What is expected
Please set out each line below exactly as it stands, without the images.

Excerpted records
+--
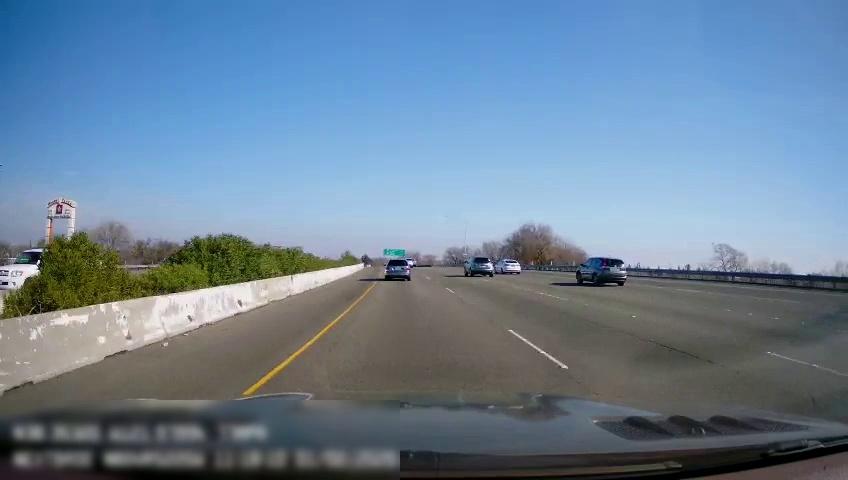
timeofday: Day
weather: Sunny
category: Drivable Space
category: Vehicles | Car
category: Vehicles | SUV
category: Vehicles | SUV
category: Vehicles | SUV
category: Vehicles | Car
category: Vehicles | SUV
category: Lanes | Current Lane
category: Lanes | Current Lane
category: Lanes | Alternate Lane
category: Lanes | Alternate Lane
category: Traffic | Signs
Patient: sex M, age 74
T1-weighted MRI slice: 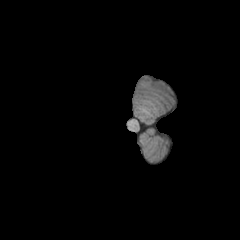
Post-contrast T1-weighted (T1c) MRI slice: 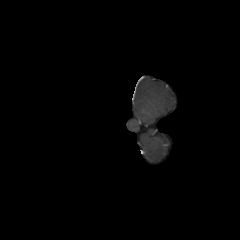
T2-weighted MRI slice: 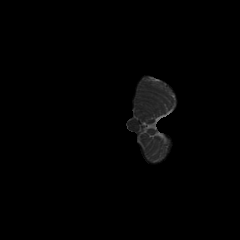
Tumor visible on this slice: no
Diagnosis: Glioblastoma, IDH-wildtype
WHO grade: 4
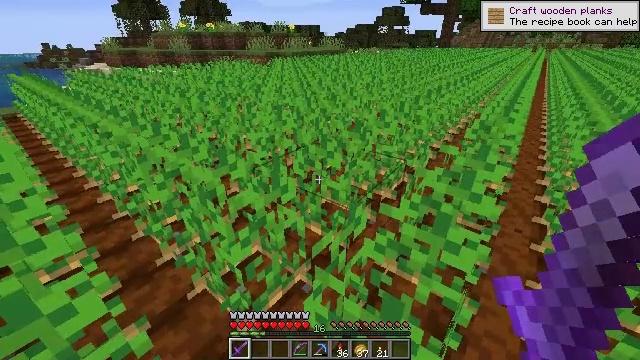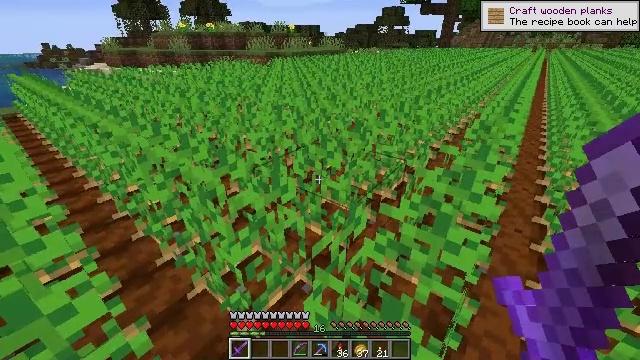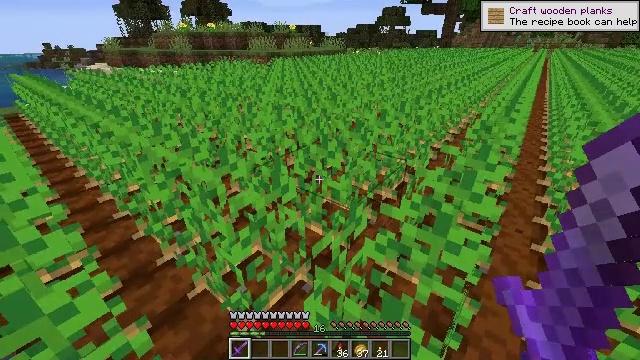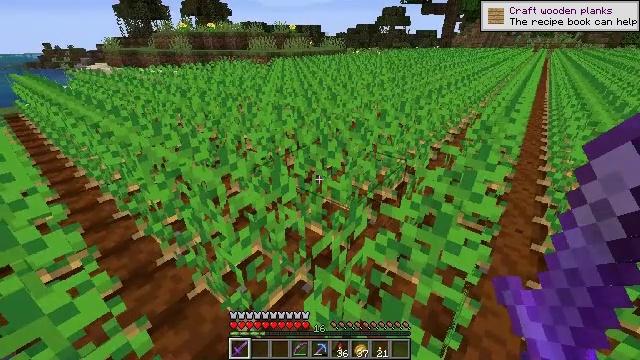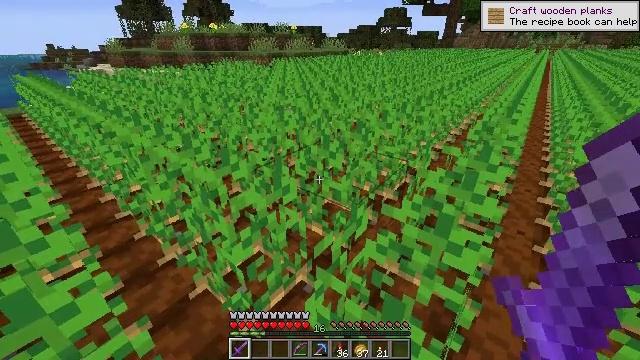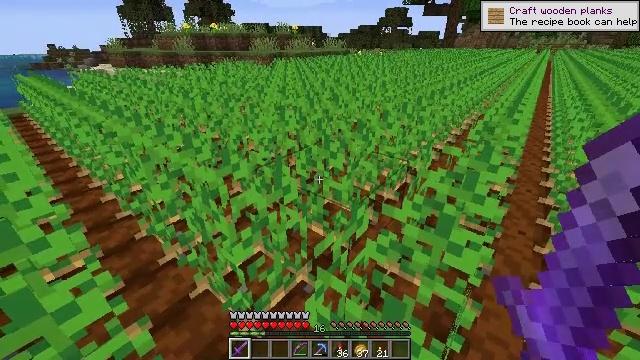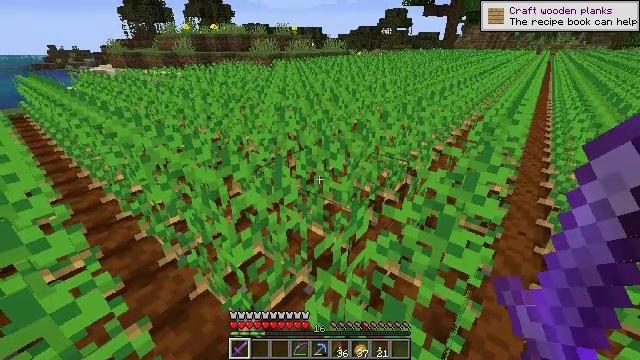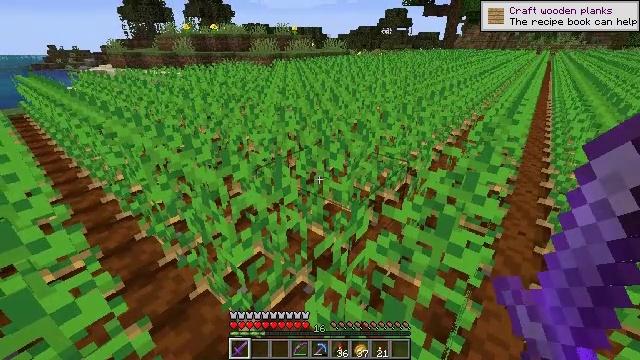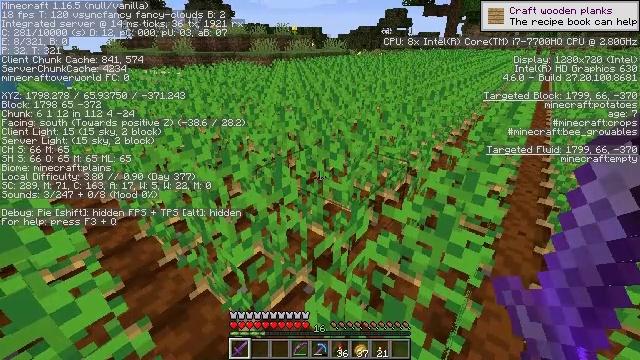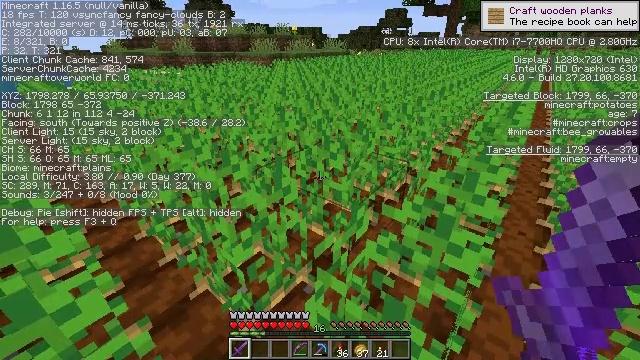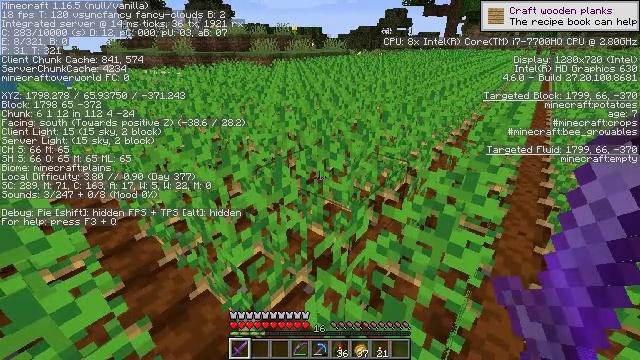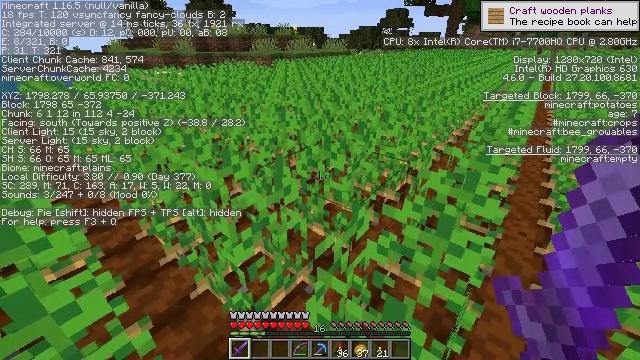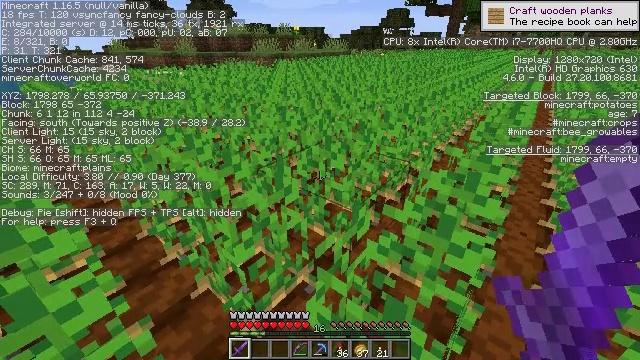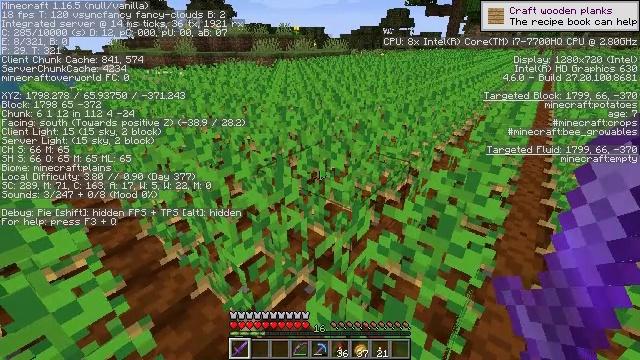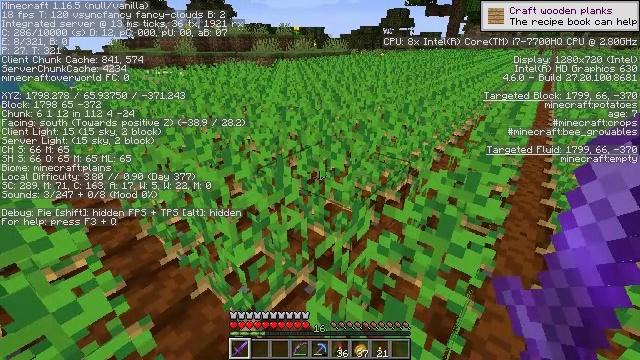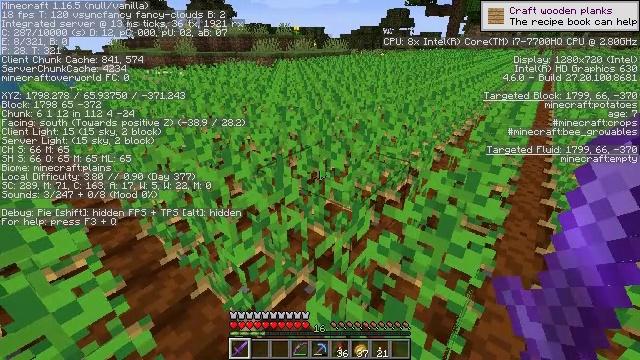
+--
Exercise result
timeofday: Day
weather: Sunny
category: Drivable Space
category: Vehicles | Car
category: Vehicles | SUV
category: Vehicles | SUV
category: Vehicles | SUV
category: Vehicles | Car
category: Vehicles | SUV
category: Lanes | Current Lane
category: Lanes | Current Lane
category: Lanes | Alternate Lane
category: Lanes | Alternate Lane
category: Traffic | Signs
Patient: sex M, age 74
T1-weighted MRI slice: 
Post-contrast T1-weighted (T1c) MRI slice: 
T2-weighted MRI slice: 
Tumor visible on this slice: no
Diagnosis: Glioblastoma, IDH-wildtype
WHO grade: 4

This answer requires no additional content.